Library as network
The book’s fifteen essays are each named for a view of the library: among them, the library as myth, as shadow, as power, as identity, and as home. Manguel approaches his subjects with a lifetime’s stock of anecdotes and consideration, but also with a disarming enthusiasm. As a teenager in 1960s Buenos Aires, he became a regular reader for Jorge Luis Borges, who was by then blind; as an adult, his literary career as editor, writer, professor, and reader took him from England to Tahiti, though a long sojourn in Canada, and at last to France, where he lives now, his 30,000-book library arranged in a renovated medieval presbytery.
The Library at Night is the sort of book that rewards skipping around as well as straight-through reading, which makes it especially suitable for our purposes. This is not the sort of book club defined by stress about keeping up or catching up, and there aren’t spoilers to worry about, either. Instead, we offer a space for comfortable, serendipitous reading together, from a book that is quotable and complex, friendly and sometimes capricious.
How to get involved
In the Contents Book Club, we’ll be experimenting a lot, pulling in streams of highlights and commentary from Readmill, Kindles, tweets, and blog posts. In addition to this intro post, you can expect a mid-issue update and a final post at the end of February, along with tweets from our account.
There’s no right way to participate. You can read along in Readmill, post highlights from your Kindle and send us a link, tweet as you read (hashtag #contentsbc), write on your own site, or just comment here. To get you started, a few tastes:
- Reading Rooms, at Bookforum: “In the year 336, a monk had a vision of his Lord and painted scenes from the life of Buddha on the walls of a cave. Over the course of a millennium, chance turned this cave and others nearby into repositories of religious manuscripts and paraphernalia; nearly a millennium after that, chance led to the rediscovery of the site, now known as the Mogao Caves. What do such storehouses of memory grant us?”
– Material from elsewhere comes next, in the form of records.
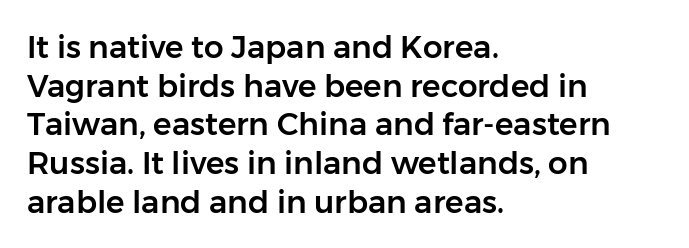
Characters remain perfectly vertical along every line. The foot of each line stays bare and open. Is the letter spacing exaggerated? No — it looks like the ordinary default. Horizontal alignment here is leftward, the default for most running prose. The designer left line spacing at the default.
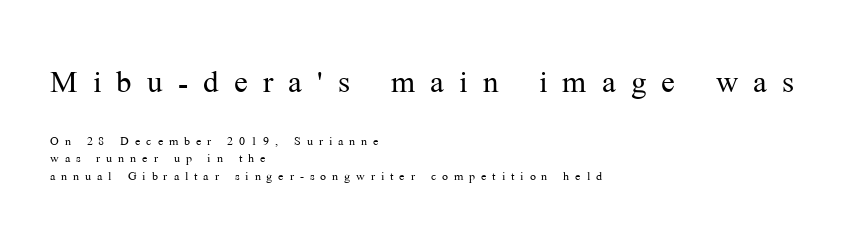
{"serif": "yes", "italic": "no", "bold": "no", "weight": "light", "width": "normal", "stroke_contrast": "medium", "x_height": "medium", "monospaced": "no", "underline": "no", "align": "left", "line_spacing": "tight", "line_spacing_ratio": 1.1, "letter_spacing": "wide", "letter_spacing_em": 0.37, "larger_block": "first", "size_ratio": 2.56, "glyph_px": 41}
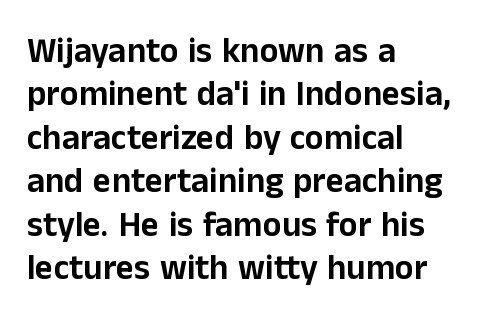
The image shows 35 px sans-serif type, upright; set left-aligned, line spacing 1.24x, normal letter spacing, not underlined; low stroke contrast and a medium x-height.
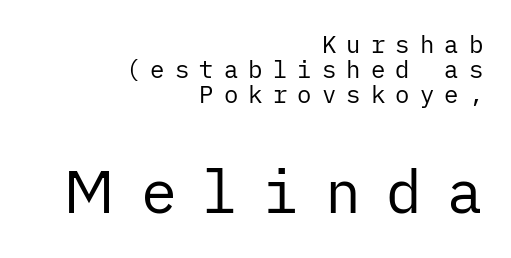
{"serif": "no", "italic": "no", "bold": "no", "weight": "regular", "width": "normal", "stroke_contrast": "low", "x_height": "medium", "underline": "no", "align": "right", "line_spacing": "tight", "line_spacing_ratio": 1.04, "letter_spacing": "wide", "letter_spacing_em": 0.42, "larger_block": "second", "size_ratio": 2.5, "glyph_px": 60}
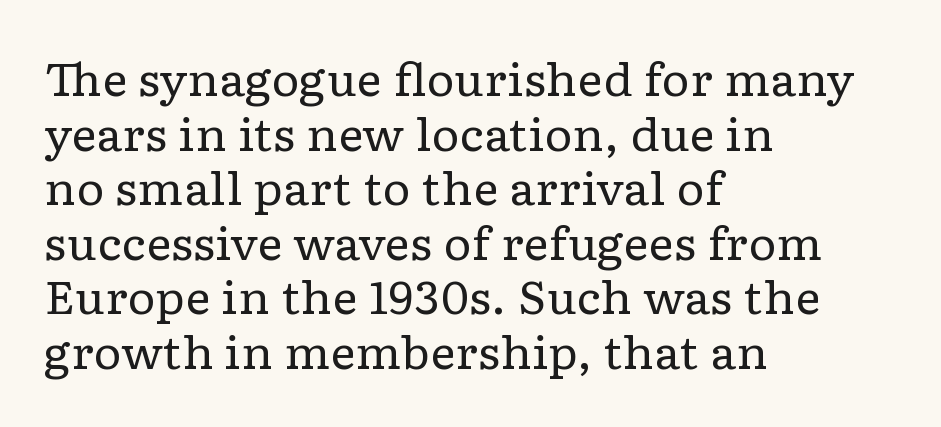
The image shows 44 px regular-weight, wide serif type, upright; set left-aligned, line spacing 1.24x, normal letter spacing, not underlined; low stroke contrast and a medium x-height.
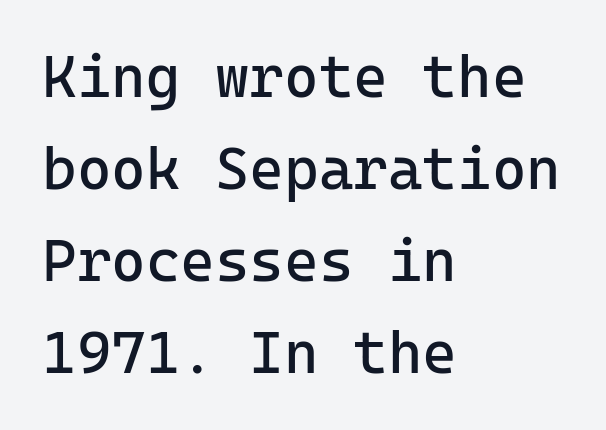
{"serif": "no", "italic": "no", "bold": "no", "weight": "regular", "width": "normal", "stroke_contrast": "low", "x_height": "medium", "monospaced": "yes", "underline": "no", "align": "left", "line_spacing": "normal", "line_spacing_ratio": 1.56, "letter_spacing": "normal", "letter_spacing_em": 0.0, "glyph_px": 59}
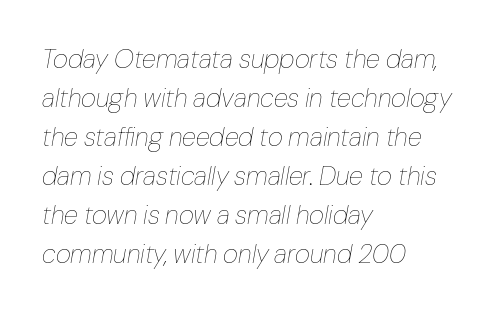
Q: Is the text bold? A: No.
Q: Is the text italic (slanted)? A: Yes, it leans right by about 10 degrees.
Q: Is the text underlined? A: No.
Q: How is the paragraph aligned? A: Left-aligned.
Q: Is the spacing between letters normal or unusually wide? A: Normal.
Q: Is the spacing between lines tight, normal or loose? A: Normal.
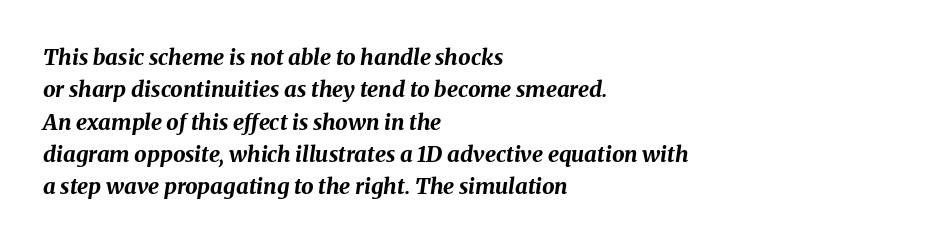
Nobody drew a line under any word here. The glyphs have the mass of a bold cut. Line spacing here is normal. The typography opts for an oblique posture over an upright one.
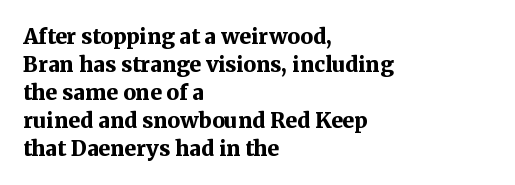
Q: Is the text bold? A: Yes.
Q: Is the text italic (slanted)? A: No, it is upright.
Q: Is the text underlined? A: No.
Q: How is the paragraph aligned? A: Left-aligned.
Q: Is the spacing between letters normal or unusually wide? A: Normal.
Q: Is the spacing between lines tight, normal or loose? A: Normal.
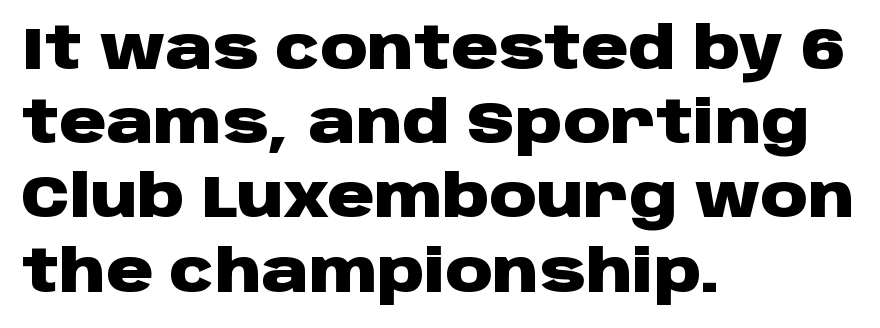
The image shows 58 px heavy, wide sans-serif type, upright; set left-aligned, normal line spacing (1.28x), normal letter spacing, not underlined; low stroke contrast and a large x-height.
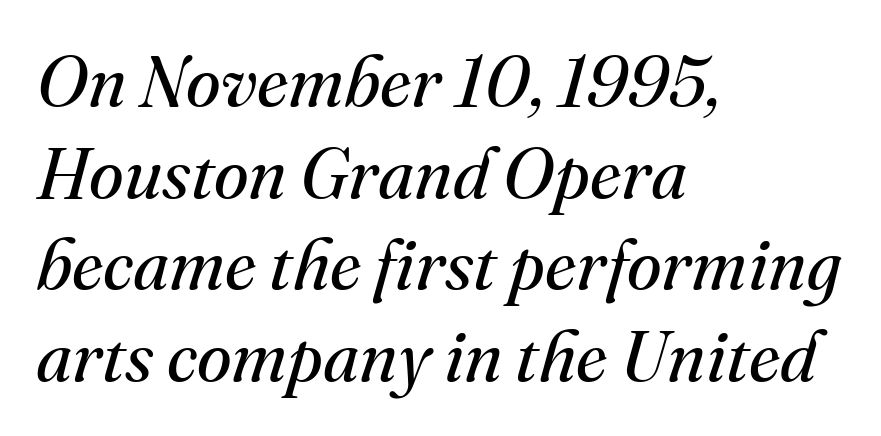
The image shows 71 px regular-weight serif type, italic (leaning right); set left-aligned, normal line spacing (1.29x), normal letter spacing, not underlined; medium stroke contrast and a small x-height.
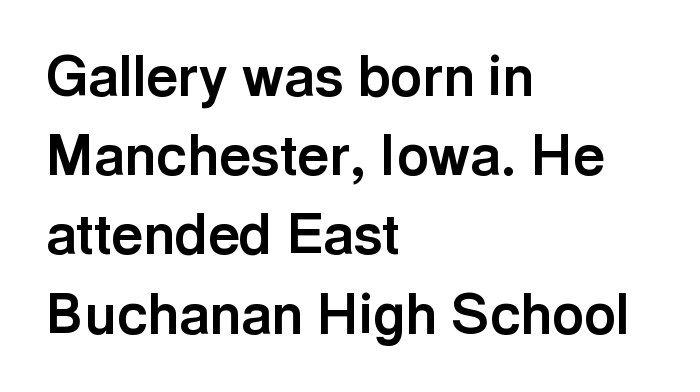
The image shows 55 px bold sans-serif type, upright; set left-aligned, normal line spacing (1.44x), normal letter spacing, not underlined; a medium x-height.
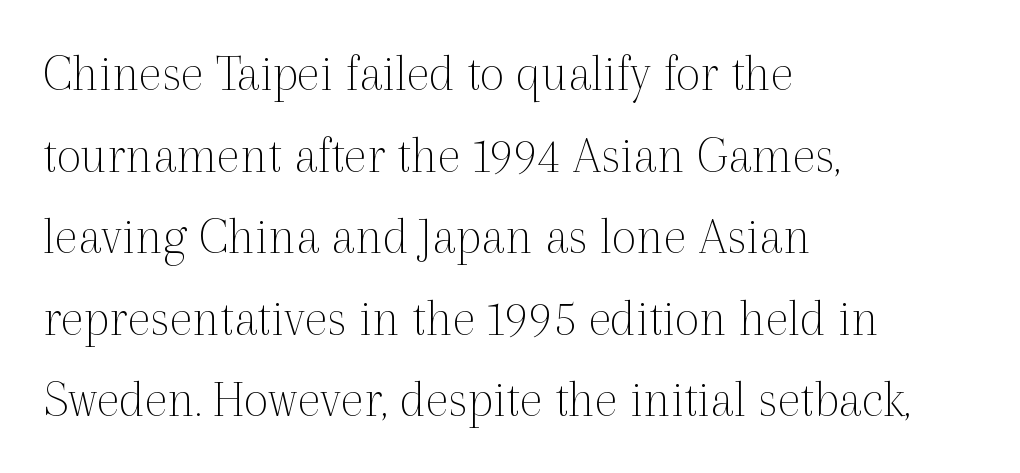
{"serif": "yes", "italic": "no", "bold": "no", "weight": "thin", "width": "normal", "x_height": "medium", "monospaced": "no", "underline": "no", "align": "left", "line_spacing": "normal", "line_spacing_ratio": 1.51, "letter_spacing": "normal", "letter_spacing_em": 0.0, "glyph_px": 54}
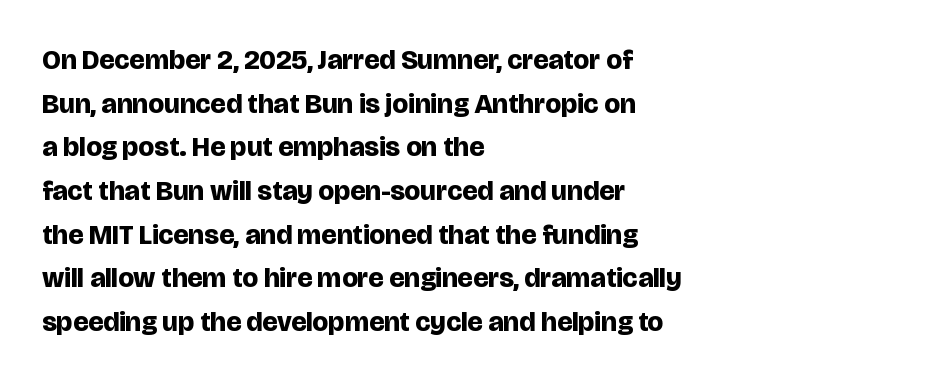
Q: Is the text bold? A: Yes.
Q: Is the text italic (slanted)? A: No, it is upright.
Q: Is the typeface a serif or a sans-serif typeface? A: Sans-serif.
Q: Is the text underlined? A: No.
Q: How is the paragraph aligned? A: Left-aligned.
Q: Is the spacing between letters normal or unusually wide? A: Normal.
Q: Is the spacing between lines tight, normal or loose? A: Normal.
Q: Width (condensed, normal, or wide)? A: Normal.
Q: Stroke contrast? A: Low.
Q: x-height? A: Large.
Q: Monospaced? A: No.

- On the Library, from A Working Library: “The promise of ebooks (or, one promise, anyway), is their inherent connectedness.… In exchange for the loss of continuity, I gain a new space for metaphors: no longer within the texts, but between them.”
- Krista’s Readmill stream: “We can roam the bloated stacks of the Library of Alexandria, where all imagination and knowledge are assembled; we can recognize in its destruction the warning that all we gather will be lost, but also that much of it can be collected again…”
- Erik’s Readmill stream: “…unobserved in the late hours, my eyes and hands roam recklessly across the tidy rows, restoring chaos. One book calls to another unexpectedly, creating alliances across different cultures and centuries.”
- Allen’s Readmill stream: “Once a category is established, it suggests or imposes others, so that no cataloguing method, whether on shelf or on paper, is ever closed unto itself.”